Question

Given below are two statements : one is labelled as Assertion (A) and the other is labelled as Reason (R). Assertion (A) : The wavelength of radiation is displaced as temperature changes, but the product of wavelength and temperature remains constant. Reason (R) : Wien's Law is a special case of Planck's radiation law in the region of longer wavelength. In the light of the above statements, choose the most appropriate answer from the options given below :

• A. Both (A) and (R) are correct and (R) is the correct explanation of (A)
• B. Both (A) and (R) are correct but (R) is not the correct explanation of (A)
• C. (A) is correct but (R) is not correct
• D. (A) is not correct but (R) is correct

Hint:

Remember the "W" in Wien's for "Wave" (Short Wave).

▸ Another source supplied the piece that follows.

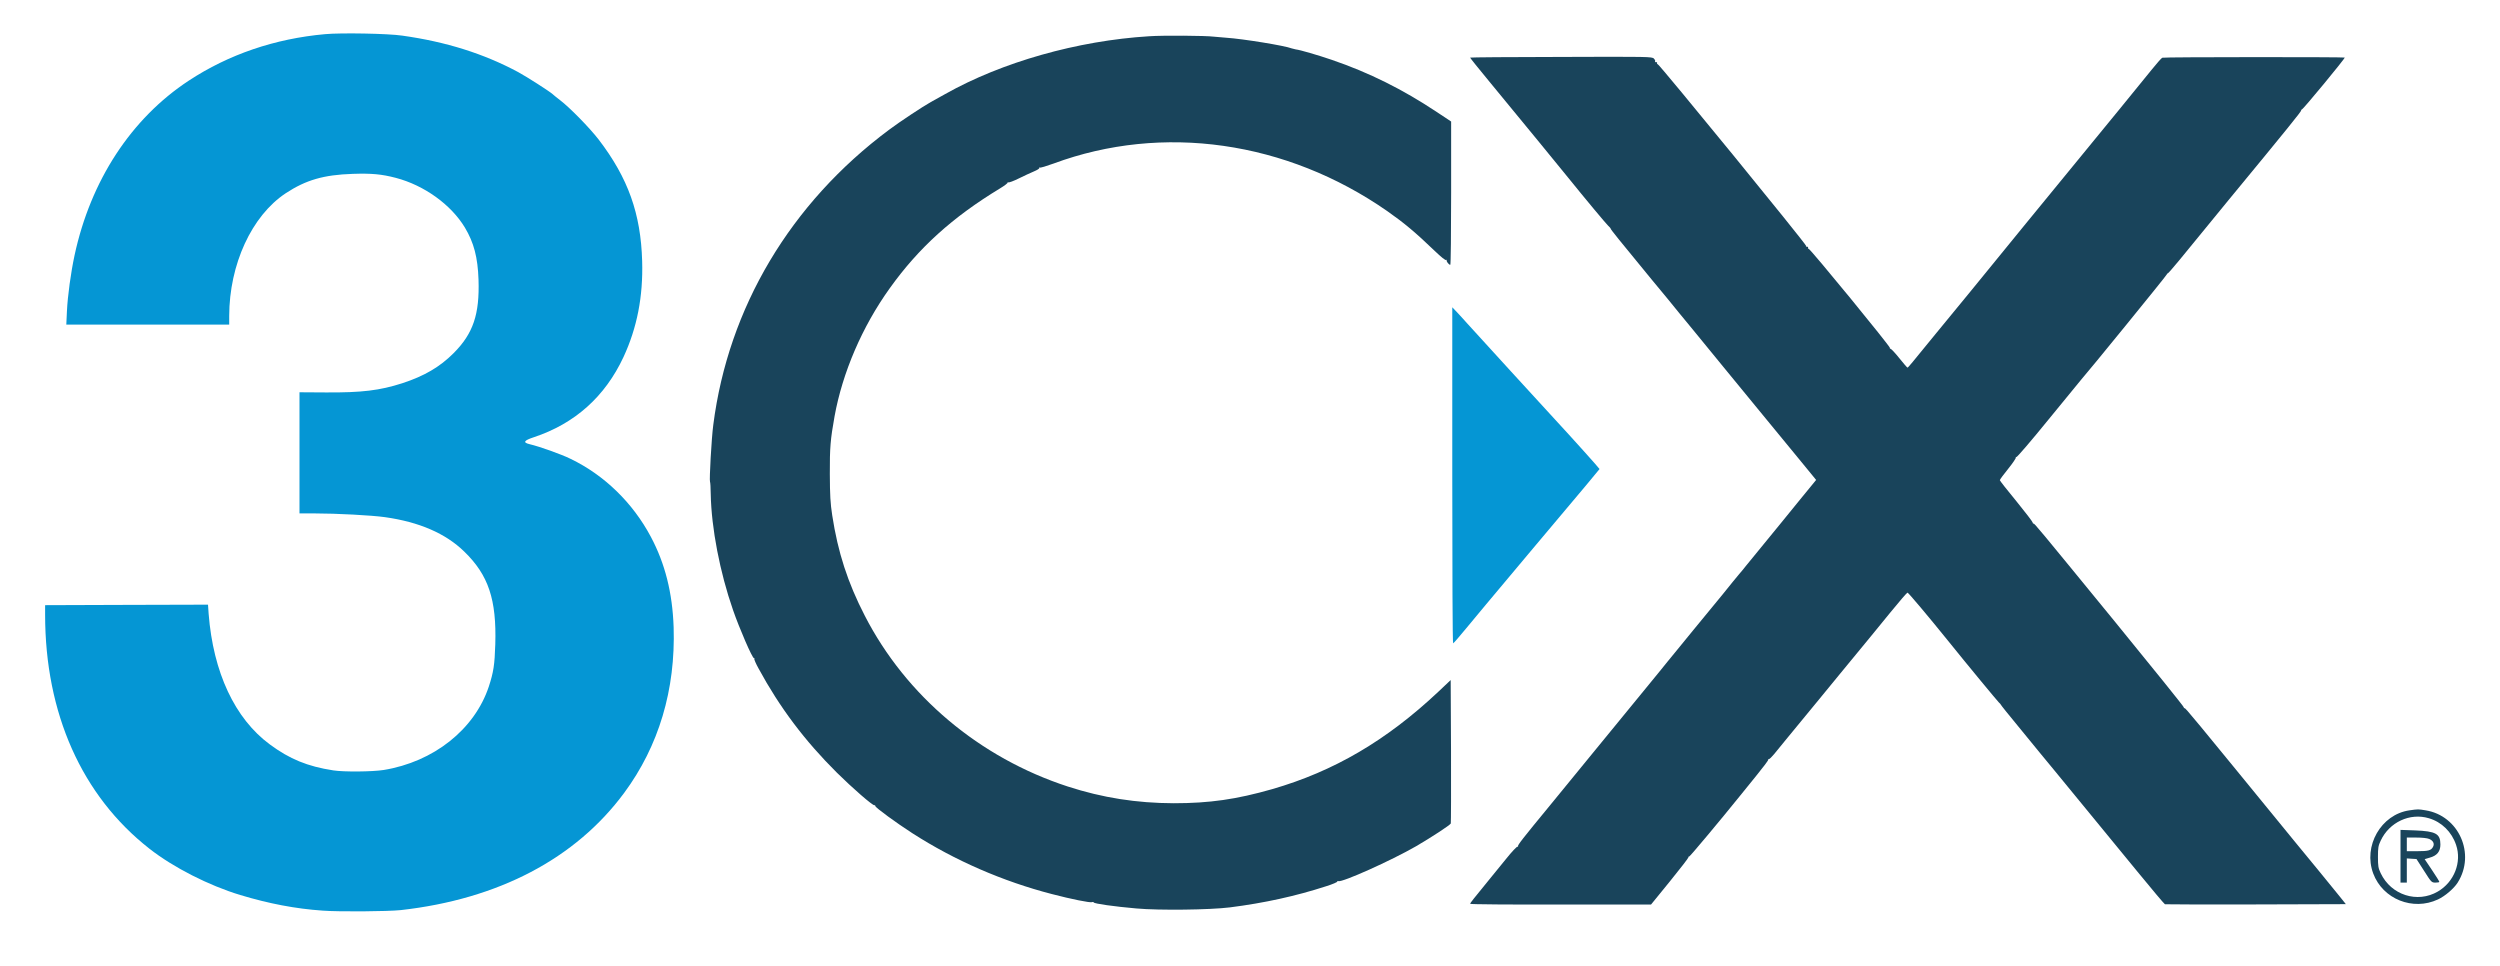 <svg xmlns="http://www.w3.org/2000/svg" width="44" height="17" viewBox="0 0 44 17" fill="none"><g clip-path="url(#clip0_357_1047)"><path d="M5.723 0.601C4.837 0.68 4.023 0.959 3.323 1.419C2.309 2.085 1.595 3.178 1.312 4.494C1.246 4.801 1.191 5.207 1.178 5.477L1.167 5.713H2.599H4.034V5.56C4.036 4.655 4.429 3.798 5.029 3.401C5.385 3.167 5.699 3.077 6.207 3.06C6.543 3.049 6.714 3.065 6.965 3.13C7.466 3.261 7.938 3.601 8.182 4.005C8.341 4.271 8.409 4.531 8.422 4.923C8.442 5.532 8.328 5.87 7.984 6.215C7.741 6.459 7.466 6.619 7.08 6.745C6.685 6.872 6.369 6.911 5.736 6.907L5.271 6.904V7.969V9.036H5.535C5.922 9.036 6.543 9.069 6.775 9.102C7.379 9.187 7.844 9.389 8.171 9.708C8.597 10.121 8.741 10.552 8.717 11.34C8.706 11.698 8.686 11.831 8.603 12.084C8.352 12.839 7.632 13.409 6.751 13.552C6.552 13.583 6.053 13.588 5.867 13.559C5.413 13.489 5.097 13.36 4.748 13.101C4.133 12.647 3.753 11.835 3.672 10.803L3.661 10.642L2.226 10.646L0.794 10.651V10.817C0.794 12.555 1.44 14.006 2.631 14.938C3.053 15.268 3.674 15.584 4.228 15.752C4.732 15.904 5.2 15.994 5.679 16.027C5.972 16.049 6.823 16.042 7.052 16.018C8.769 15.826 10.13 15.113 10.986 13.954C11.595 13.129 11.891 12.139 11.856 11.039C11.835 10.433 11.706 9.92 11.455 9.448C11.136 8.848 10.636 8.362 10.043 8.076C9.873 7.993 9.506 7.862 9.319 7.817C9.199 7.788 9.22 7.753 9.393 7.696C10.117 7.456 10.648 6.981 10.973 6.285C11.213 5.768 11.32 5.218 11.302 4.596C11.278 3.76 11.055 3.134 10.538 2.458C10.377 2.249 10.024 1.889 9.856 1.762C9.797 1.716 9.736 1.668 9.724 1.655C9.67 1.607 9.277 1.354 9.12 1.269C8.514 0.944 7.853 0.736 7.08 0.627C6.831 0.59 6.007 0.575 5.723 0.601Z" fill="#0596D4"></path><path d="M20.226 0.638C18.965 0.715 17.631 1.094 16.636 1.655C16.543 1.707 16.431 1.769 16.384 1.795C16.244 1.873 15.831 2.146 15.646 2.285C13.912 3.577 12.818 5.416 12.554 7.476C12.522 7.712 12.482 8.454 12.496 8.478C12.502 8.488 12.508 8.584 12.509 8.696C12.52 9.293 12.67 10.073 12.901 10.736C13.015 11.065 13.24 11.584 13.27 11.584C13.281 11.584 13.283 11.589 13.277 11.597C13.27 11.602 13.303 11.68 13.351 11.766C13.726 12.457 14.165 13.038 14.728 13.598C15.002 13.869 15.36 14.181 15.389 14.172C15.399 14.17 15.406 14.177 15.406 14.187C15.406 14.213 15.777 14.484 16.058 14.665C16.805 15.145 17.649 15.512 18.515 15.736C18.86 15.826 19.185 15.891 19.218 15.878C19.233 15.872 19.246 15.876 19.25 15.883C19.257 15.905 19.613 15.955 20.001 15.989C20.404 16.025 21.291 16.014 21.646 15.97C22.252 15.893 22.8 15.773 23.343 15.597C23.455 15.562 23.544 15.523 23.538 15.514C23.533 15.505 23.54 15.503 23.555 15.508C23.621 15.534 24.483 15.147 24.923 14.894C25.192 14.737 25.523 14.521 25.534 14.493C25.538 14.482 25.54 13.91 25.538 13.221L25.532 11.969L25.311 12.178C24.399 13.035 23.477 13.574 22.394 13.888C21.762 14.069 21.288 14.137 20.658 14.137C20.005 14.135 19.405 14.041 18.794 13.843C17.241 13.337 15.945 12.248 15.22 10.836C14.919 10.252 14.747 9.721 14.647 9.069C14.614 8.853 14.607 8.72 14.605 8.344C14.603 7.877 14.616 7.731 14.688 7.328C14.828 6.557 15.173 5.752 15.659 5.074C16.17 4.36 16.763 3.824 17.597 3.318C17.682 3.267 17.743 3.219 17.736 3.211C17.728 3.202 17.732 3.202 17.745 3.209C17.758 3.217 17.841 3.185 17.93 3.141C18.018 3.097 18.14 3.041 18.197 3.017C18.255 2.993 18.297 2.966 18.291 2.957C18.286 2.945 18.29 2.944 18.299 2.949C18.31 2.957 18.419 2.923 18.541 2.879C20.461 2.168 22.641 2.48 24.415 3.715C24.711 3.922 24.916 4.094 25.25 4.415C25.366 4.526 25.438 4.585 25.453 4.576C25.466 4.568 25.471 4.57 25.462 4.577C25.449 4.594 25.499 4.661 25.525 4.661C25.534 4.661 25.54 4.094 25.54 3.4V2.139L25.287 1.971C24.69 1.574 24.098 1.278 23.439 1.053C23.195 0.97 22.883 0.878 22.803 0.869C22.781 0.865 22.75 0.857 22.735 0.852C22.615 0.804 21.879 0.684 21.581 0.664C21.491 0.656 21.391 0.649 21.36 0.645C21.223 0.627 20.466 0.621 20.226 0.638Z" fill="#19445B"></path><path d="M27.476 1.002C26.594 1.003 25.874 1.009 25.874 1.014C25.874 1.02 26.025 1.21 26.212 1.435C26.845 2.203 27.399 2.879 27.563 3.082C27.938 3.546 28.263 3.933 28.303 3.972C28.329 3.994 28.349 4.02 28.349 4.027C28.351 4.042 28.501 4.229 29.067 4.917C29.256 5.144 29.472 5.406 29.547 5.501C29.623 5.595 29.736 5.733 29.799 5.807C29.86 5.883 30.101 6.176 30.334 6.461C30.567 6.745 30.873 7.118 31.015 7.291C31.157 7.463 31.429 7.795 31.619 8.026L31.964 8.447L31.683 8.79C31.528 8.979 31.383 9.16 31.357 9.191C31.331 9.222 31.194 9.39 31.052 9.564C30.91 9.738 30.764 9.915 30.729 9.959C30.694 10.005 30.639 10.07 30.607 10.107C30.576 10.142 30.445 10.304 30.314 10.467C30.183 10.629 30.07 10.766 30.064 10.771C30.059 10.777 29.943 10.917 29.806 11.085C29.671 11.253 29.522 11.434 29.476 11.489C29.429 11.545 29.37 11.617 29.344 11.65C29.319 11.681 29.175 11.861 29.021 12.047C28.702 12.437 28.733 12.398 28.063 13.217C27.781 13.563 27.426 13.995 27.277 14.178C26.791 14.768 26.706 14.877 26.717 14.896C26.723 14.905 26.721 14.907 26.71 14.901C26.699 14.894 26.608 14.99 26.509 15.114C26.409 15.237 26.272 15.405 26.206 15.486C25.933 15.819 25.874 15.895 25.874 15.907C25.874 15.917 26.59 15.922 27.467 15.92H29.058L29.391 15.511C29.573 15.287 29.721 15.095 29.717 15.088C29.715 15.08 29.721 15.073 29.732 15.073C29.745 15.073 30.277 14.438 30.628 14.002C30.659 13.963 30.783 13.81 30.904 13.661C31.026 13.511 31.124 13.382 31.12 13.373C31.119 13.363 31.124 13.358 31.133 13.36C31.141 13.363 31.183 13.323 31.224 13.273C31.325 13.147 31.573 12.848 31.763 12.616C31.852 12.511 32.132 12.165 32.391 11.851C32.649 11.536 32.891 11.242 32.93 11.196C32.967 11.15 33.123 10.96 33.277 10.771C33.43 10.583 33.563 10.43 33.572 10.43C33.587 10.43 33.936 10.845 34.281 11.272C34.63 11.706 35.151 12.335 35.18 12.363C35.199 12.379 35.215 12.398 35.215 12.403C35.215 12.409 35.354 12.582 35.525 12.789C35.695 12.996 35.863 13.201 35.898 13.245C35.933 13.29 36.046 13.426 36.148 13.548C36.33 13.77 36.74 14.27 37.623 15.346C37.876 15.655 38.092 15.911 38.103 15.915C38.114 15.918 38.836 15.92 39.705 15.918L41.287 15.913L41.182 15.782C41.125 15.71 40.959 15.507 40.813 15.329C40.669 15.152 40.471 14.912 40.375 14.796C38.544 12.555 38.466 12.459 38.448 12.464C38.44 12.466 38.433 12.457 38.433 12.446C38.433 12.433 37.89 11.759 37.227 10.947C35.839 9.25 35.806 9.21 35.789 9.215C35.782 9.217 35.775 9.208 35.775 9.197C35.775 9.184 35.645 9.014 35.487 8.82C35.326 8.626 35.197 8.46 35.197 8.451C35.197 8.44 35.263 8.351 35.344 8.251C35.424 8.152 35.485 8.061 35.479 8.052C35.474 8.041 35.475 8.039 35.487 8.045C35.498 8.052 35.754 7.753 36.057 7.38C36.362 7.009 36.618 6.695 36.627 6.684C36.705 6.601 38.136 4.845 38.134 4.832C38.134 4.825 38.145 4.812 38.16 4.805C38.182 4.792 38.433 4.491 38.834 3.996C38.93 3.878 39.105 3.664 39.221 3.523C40.27 2.251 40.504 1.96 40.501 1.943C40.497 1.936 40.503 1.928 40.512 1.928C40.532 1.928 41.278 1.026 41.267 1.013C41.254 1.002 38.084 1.003 38.056 1.016C38.042 1.022 37.96 1.114 37.874 1.221C37.787 1.328 37.525 1.65 37.292 1.936C36.799 2.536 35.861 3.684 35.658 3.931C35.405 4.243 35.06 4.664 34.68 5.13C34.471 5.382 34.2 5.715 34.074 5.868C33.635 6.407 33.583 6.47 33.572 6.47C33.565 6.47 33.5 6.394 33.428 6.304C33.354 6.211 33.284 6.138 33.273 6.138C33.262 6.138 33.256 6.132 33.264 6.126C33.28 6.11 31.857 4.373 31.833 4.38C31.826 4.382 31.82 4.373 31.822 4.362C31.826 4.349 31.816 4.339 31.803 4.343C31.789 4.345 31.783 4.339 31.789 4.33C31.802 4.31 29.199 1.123 29.175 1.129C29.167 1.133 29.162 1.123 29.165 1.11C29.167 1.099 29.158 1.09 29.145 1.094C29.13 1.096 29.125 1.09 29.13 1.081C29.136 1.072 29.127 1.05 29.108 1.031C29.079 0.998 29.014 0.996 27.476 1.002Z" fill="#19445B"></path><path d="M25.56 8.366C25.56 9.994 25.565 11.325 25.575 11.323C25.582 11.323 25.685 11.205 25.803 11.061C26.018 10.801 26.121 10.677 26.981 9.652C27.923 8.534 28.148 8.264 28.152 8.255C28.154 8.248 27.661 7.699 27.36 7.374C27.157 7.156 26.031 5.921 25.818 5.687C25.763 5.624 25.682 5.537 25.639 5.491L25.56 5.408V8.366Z" fill="#0596D4"></path><path d="M42.406 14.262C41.906 14.334 41.588 14.89 41.769 15.374C41.937 15.824 42.467 16.037 42.908 15.83C43.032 15.773 43.189 15.638 43.255 15.534C43.575 15.028 43.276 14.357 42.692 14.262C42.559 14.24 42.561 14.24 42.406 14.262ZM42.748 14.401C42.973 14.467 43.15 14.641 43.227 14.87C43.331 15.174 43.194 15.523 42.906 15.691C42.546 15.902 42.083 15.754 41.9 15.368C41.858 15.28 41.852 15.243 41.852 15.082C41.852 14.921 41.858 14.884 41.9 14.796C42.051 14.471 42.415 14.301 42.748 14.401Z" fill="#19445B"></path><path d="M42.249 15.071V15.534H42.304H42.36V15.32V15.108L42.445 15.114L42.53 15.119L42.663 15.326C42.792 15.529 42.795 15.533 42.864 15.534C42.901 15.534 42.932 15.529 42.932 15.52C42.932 15.512 42.875 15.42 42.803 15.313L42.674 15.121L42.762 15.095C42.892 15.06 42.951 14.986 42.951 14.864C42.951 14.674 42.873 14.63 42.504 14.615L42.249 14.606V15.071ZM42.755 14.766C42.825 14.796 42.851 14.85 42.821 14.905C42.788 14.968 42.74 14.981 42.546 14.981H42.36V14.861V14.741H42.526C42.627 14.741 42.718 14.75 42.755 14.766Z" fill="#19445B"></path></g><defs><clipPath id="clip0_357_1047"><rect width="43.692" height="16" fill="white" transform="translate(0.308 0.316)"></rect></clipPath></defs></svg>

Wien's law fails at long wavelengths, which led to the "Ultraviolet Catastrophe" that Planck eventually solved.

Answer 1

The Correct Option is C

Concept:
• Wien's Displacement Law: $\lambda_{max} T = b$ (constant). This states that the peak wavelength is inversely proportional to temperature.
• Planck's Law: Describes the spectral density of electromagnetic radiation at all wavelengths.

Step 1: Evaluate Assertion (A).
The statement correctly describes Wien's Displacement Law: as $T$ increases, $\lambda_{max}$ decreases (displaces), but the product $\lambda_{max}T$ is constant. Thus, (A) is correct.

Step 2: Evaluate Reason (R).
Wien's Law is derived from Planck's Law in the region of short wavelengths (or high frequencies). In contrast, the Rayleigh-Jeans Law is the special case for longer wavelengths. Since the reason specifies "longer wavelength" for Wien's Law, (R) is incorrect.